-- Records provided follows --

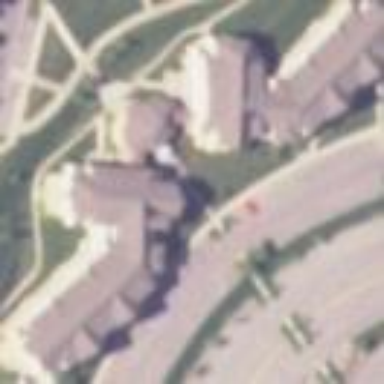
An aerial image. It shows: Gabled roof on residential building.
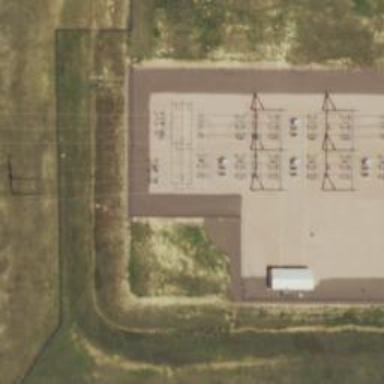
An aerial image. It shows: Switch used for power control.
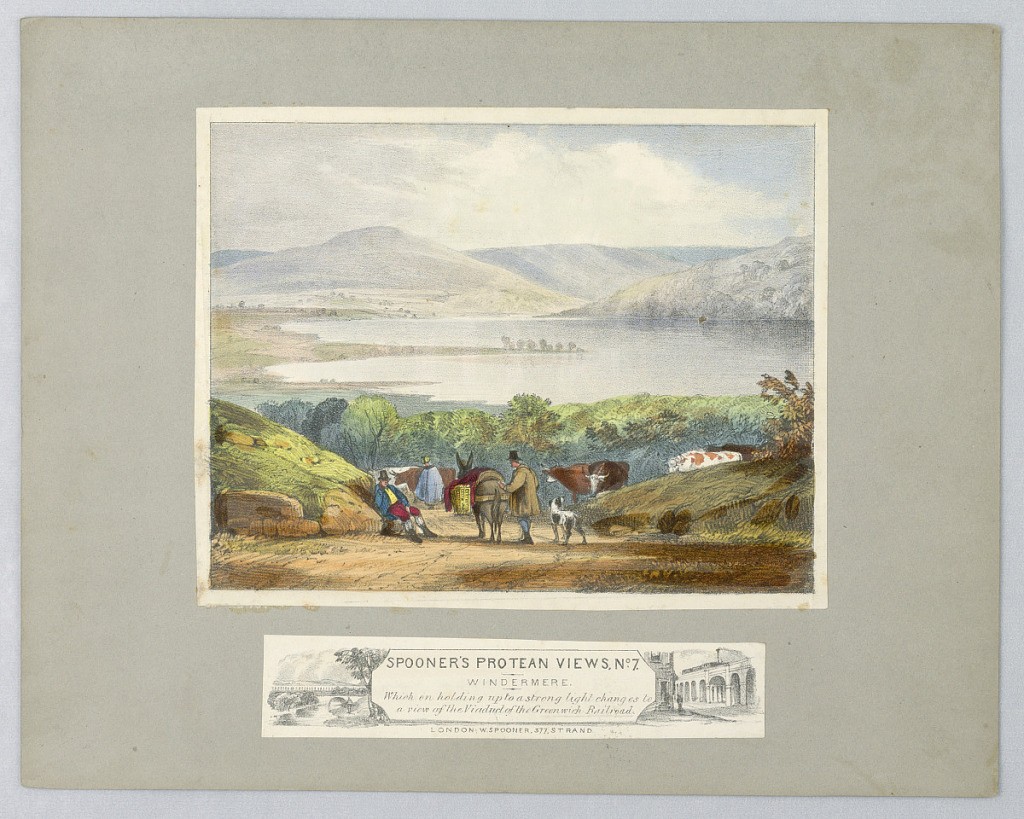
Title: Optical Toy: "Windermere" (Spooner's Protean Views, no. 7)
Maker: William Spooner, England, active 1830 – 1854
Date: ca. 1838
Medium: Lithograph, brush and watercolor on paper, mounted
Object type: Print
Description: View of Lake Windermere seen from a hill. When held to the light, the scene shows a railway viaduct across the Lake. Below, title and: "Which on holding up to a strong light changes to a view of the Viaduct of the Greenwich Railroad." Publisher's name below.
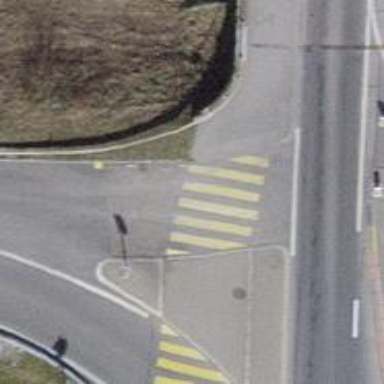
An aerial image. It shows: Footway with zebra crossing.
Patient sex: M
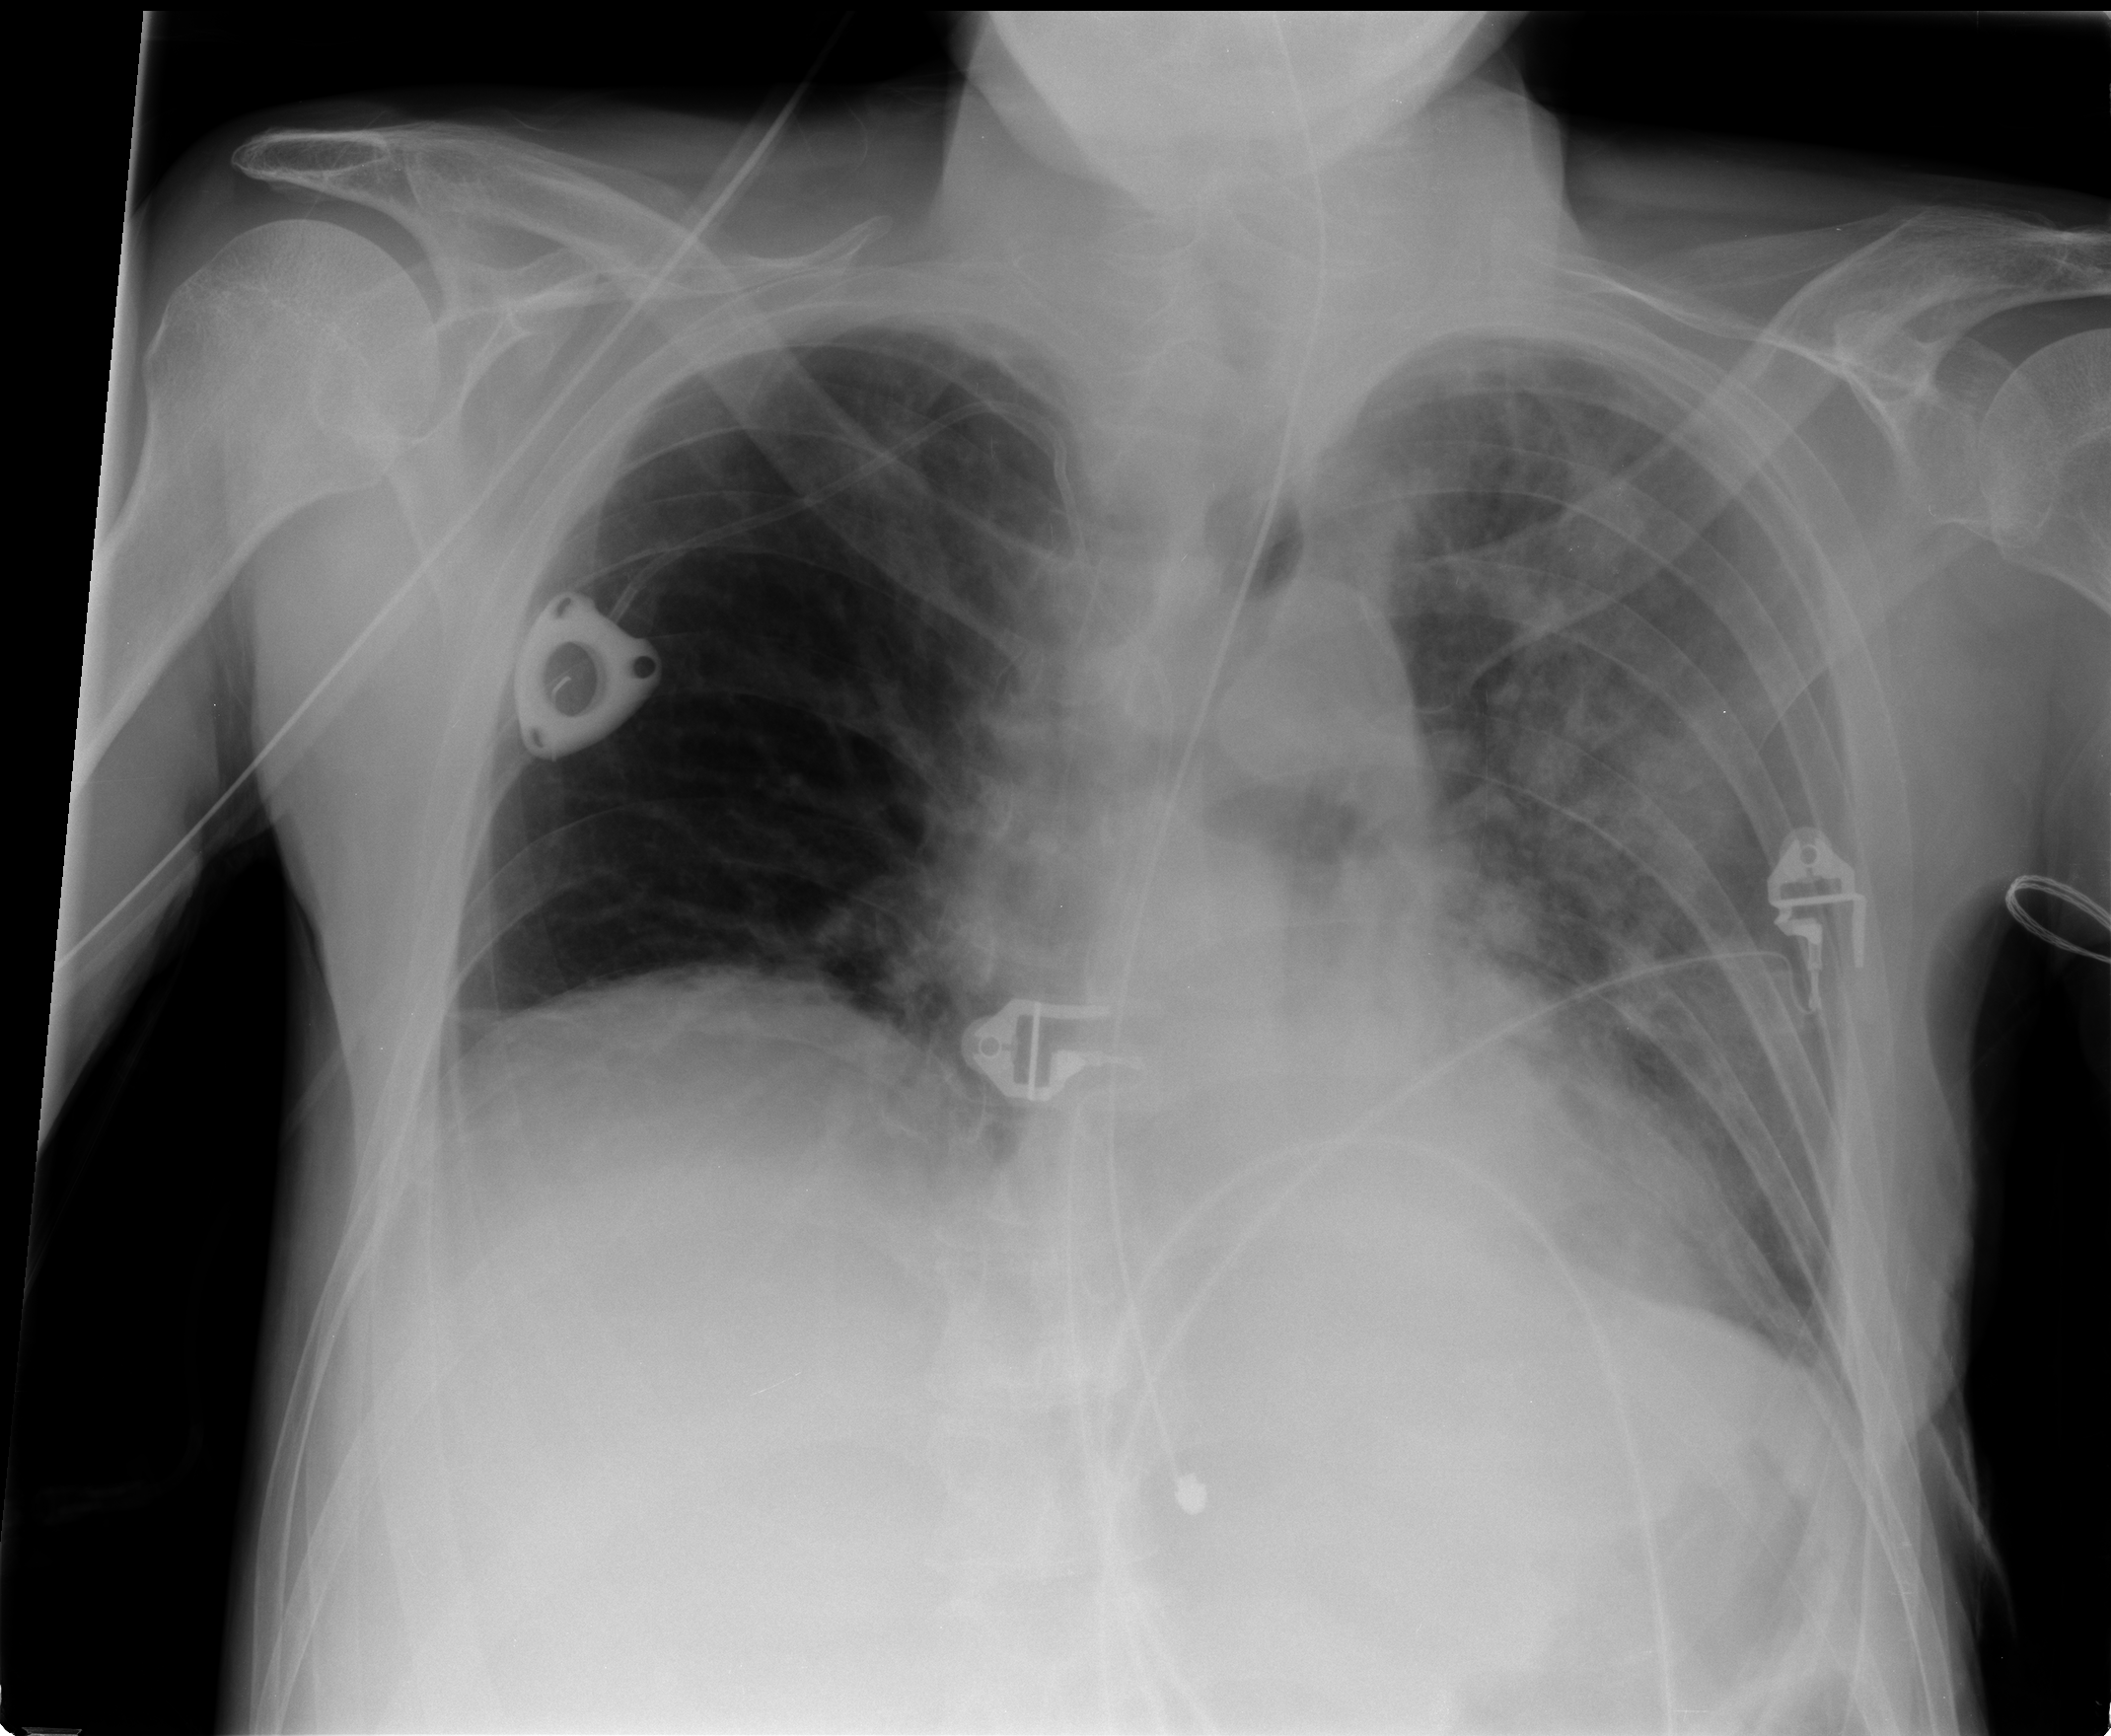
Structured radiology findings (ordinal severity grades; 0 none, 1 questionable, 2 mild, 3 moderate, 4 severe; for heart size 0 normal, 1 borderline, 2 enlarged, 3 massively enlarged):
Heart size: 0
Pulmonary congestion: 2
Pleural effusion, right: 0
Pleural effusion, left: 2
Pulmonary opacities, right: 0
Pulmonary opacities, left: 2
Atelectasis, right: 2
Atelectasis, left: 2

-- Records provided concluded --

▶ _Requirement_:
Could you transcribe exactly the lines from the start of the records through the line containing "Pulmonary opacities, right: 0", both ends included, leaving the pictures out?

▶ _Result below_:
An aerial image. It shows: Gabled roof on residential building.
An aerial image. It shows: Switch used for power control.
Title: Optical Toy: "Windermere" (Spooner's Protean Views, no. 7)
Maker: William Spooner, England, active 1830 – 1854
Date: ca. 1838
Medium: Lithograph, brush and watercolor on paper, mounted
Object type: Print
Description: View of Lake Windermere seen from a hill. When held to the light, the scene shows a railway viaduct across the Lake. Below, title and: "Which on holding up to a strong light changes to a view of the Viaduct of the Greenwich Railroad." Publisher's name below.
An aerial image. It shows: Footway with zebra crossing.
Patient sex: M
Structured radiology findings (ordinal severity grades; 0 none, 1 questionable, 2 mild, 3 moderate, 4 severe; for heart size 0 normal, 1 borderline, 2 enlarged, 3 massively enlarged):
Heart size: 0
Pulmonary congestion: 2
Pleural effusion, right: 0
Pleural effusion, left: 2
Pulmonary opacities, right: 0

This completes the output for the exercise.